South African Recovery May Close Door on Rate Cuts
South Africa will probably report this week that the economy is expanding at its fastest pace in more than a year and that inflation exceeded the target range for a second month, closing the door on interest rate cuts.
Regulators may also announce an increase in electricity prices of as much as 30 percent on Feb. 24, according to economists at Standard Bank Group Ltd. and Old Mutual Investment Group. That could add to pressure on inflation and crimp growth.
“We’re starting to see life in the economy,” said Rian le Roux, chief economist of Old Mutual, South Africa’s biggest private money manager. “Electricity price increases won’t be good for inflation, which is still outside of the target. We’re not going to see any rate cuts.”
Consumer spending in Africa’s biggest economy is picking up after the first recession in 17 years ended and unemployment eased. That may convince Governor Gill Marcus and policy makers that they’ve done enough to revive growth after six rate cuts since December 2008. The monetary policy committee has left the key rate at 7 percent for the past four meetings.
Gross domestic product expanded an annualized 2.6 percent in the fourth quarter, up from 0.9 percent in the previous three months, according to the median estimate of 21 economists surveyed by Bloomberg. The statistics office will report the number at 11:30 a.m. local time tomorrow.
Inflation, which the statistics office will report at 11:30 a.m. on Feb. 24, accelerated to 6.4 percent in January from 6.3 percent the month before, above the 3 percent to 6 percent target, according to the median estimate of 21 economists surveyed by Bloomberg.
Electricity Tariffs
Inflation will climb by a further 0.3 percentage point if the national power utility, Eskom Holdings Ltd., is awarded the 35 percent tariff increase it has requested, according to the South African Chamber of Commerce and Industry.

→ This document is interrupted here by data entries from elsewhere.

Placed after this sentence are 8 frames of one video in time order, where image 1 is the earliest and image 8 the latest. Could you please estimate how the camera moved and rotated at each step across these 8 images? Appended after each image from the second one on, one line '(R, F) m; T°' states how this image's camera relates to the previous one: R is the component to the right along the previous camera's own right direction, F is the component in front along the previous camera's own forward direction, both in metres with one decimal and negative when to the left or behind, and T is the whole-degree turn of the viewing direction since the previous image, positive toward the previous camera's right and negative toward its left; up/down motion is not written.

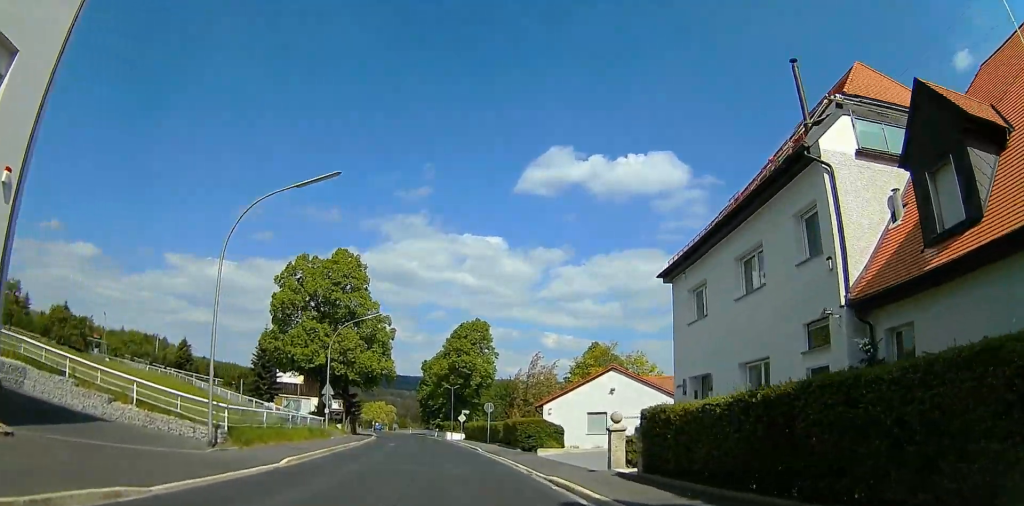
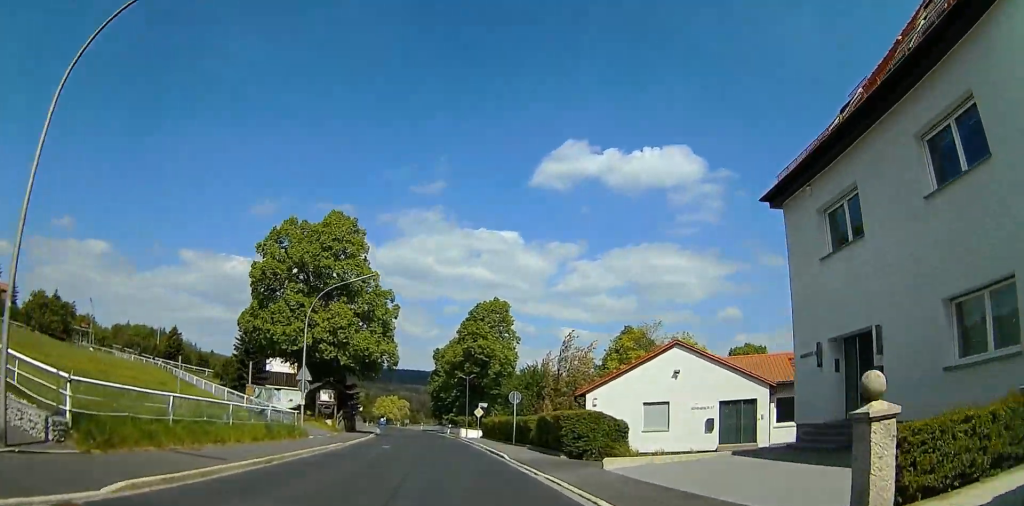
(-0.9, +9.0) m; -5°
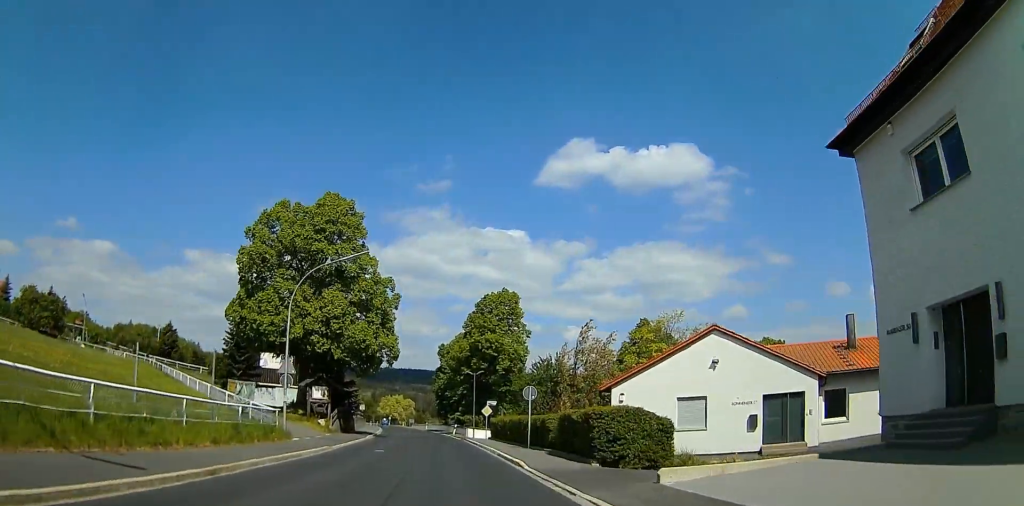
(-0.3, +3.9) m; -1°
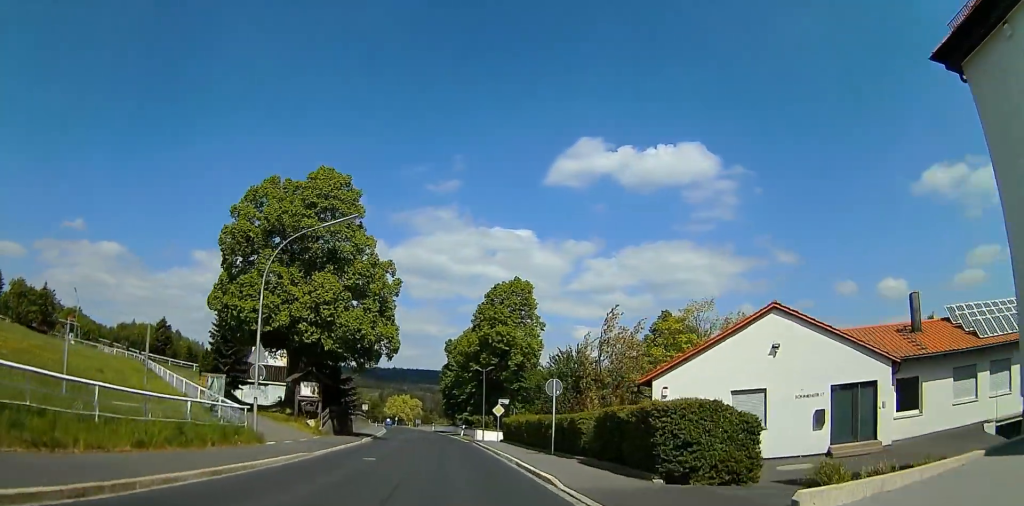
(+0.4, +4.8) m; +2°
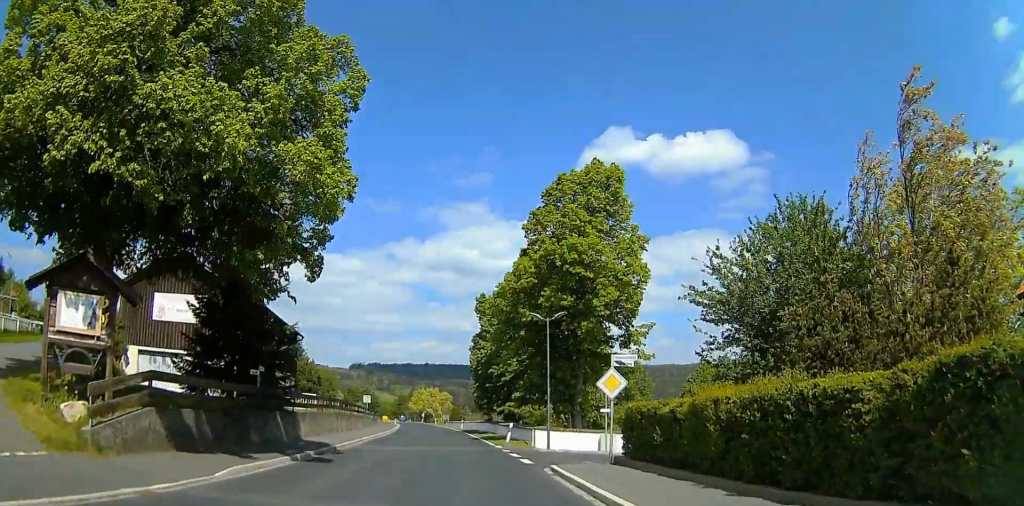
(+0.9, +24.2) m; +2°
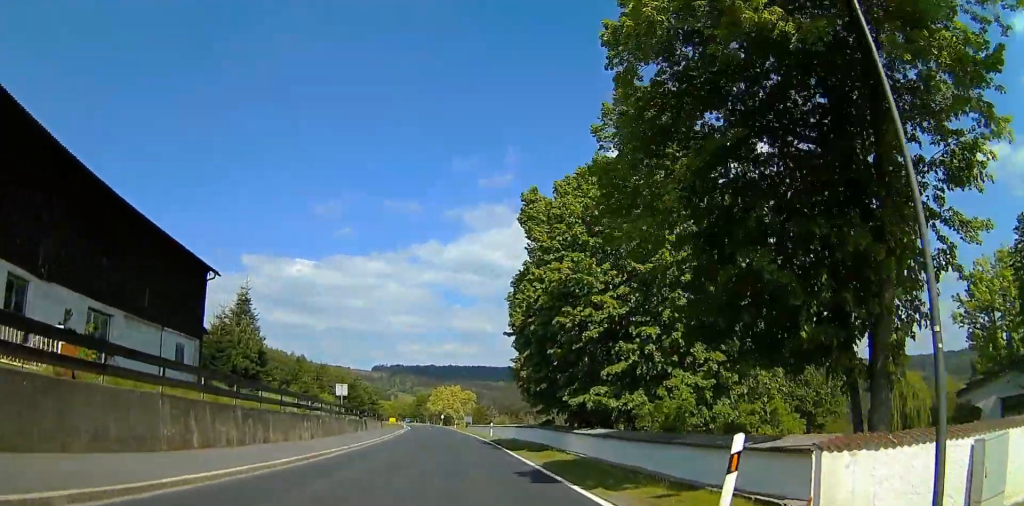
(-1.3, +23.4) m; -7°
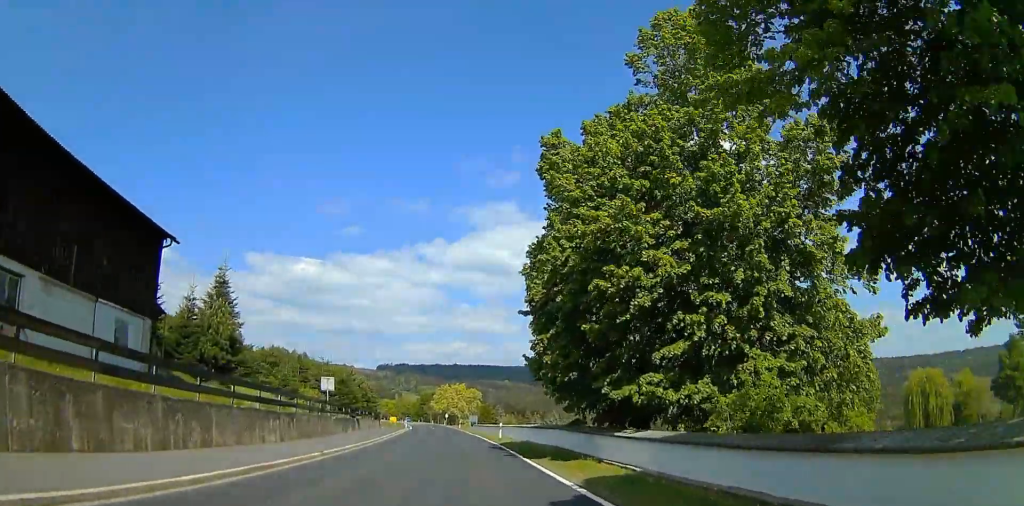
(-0.1, +5.6) m; -1°
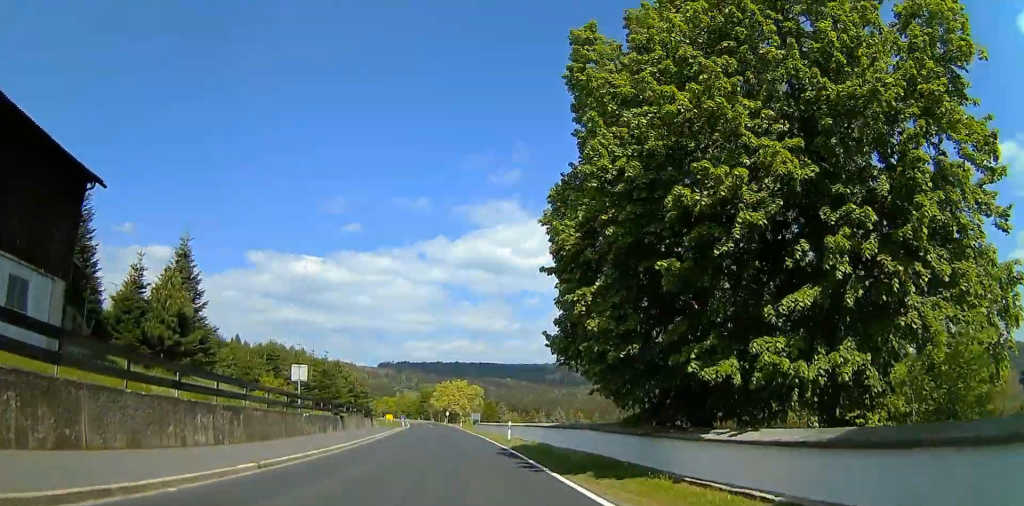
(0.0, +6.4) m; 0°

Marcus left the benchmark interest rate at 7 percent on Jan. 26, concerned that rising electricity prices will fuel inflation. That decision was opposed by some members of the Monetary Policy Committee, who argued for a rate cut, she said at the time.
Marcus said last month the economy will probably expand 2 percent this year, compared with the 2.9 percent forecast by 13 economists in a Bloomberg survey.
Factory output, which accounts for 15 percent of the economy, rose an annual 3.2 percent in December, the first increase in 15 months, the statistics office said on Feb. 11. The economy added 89,000 jobs in the final three months of last year, helping to ease the unemployment rate to 24.3 percent from 24.5 percent in the third quarter.
Union Demands
Woolworths Holdings Ltd.’s Chief Executive Officer Simon Susman said on Feb. 18 that customers of the food and clothing retailer are “in less of a state of shock” and are “feeling better.” Consumers account for two-thirds of spending in the economy.
The Reserve Bank’s leading indicator, which points to economic conditions in six months time, rose an annual 13 percent in December, up from 11 percent in November, the central bank said on its Web site today.
Still, labor unions allied to the ruling African National Congress have called for rate cuts to help accelerate economic growth to provide jobs for the one in four unemployed.
Electricity tariff increases may also damp growth. An increase of 35 percent would cut GDP by 150 billion rand ($19.4 billion) and result in half a million job losses, according to the South African Chamber of Commerce and Industry.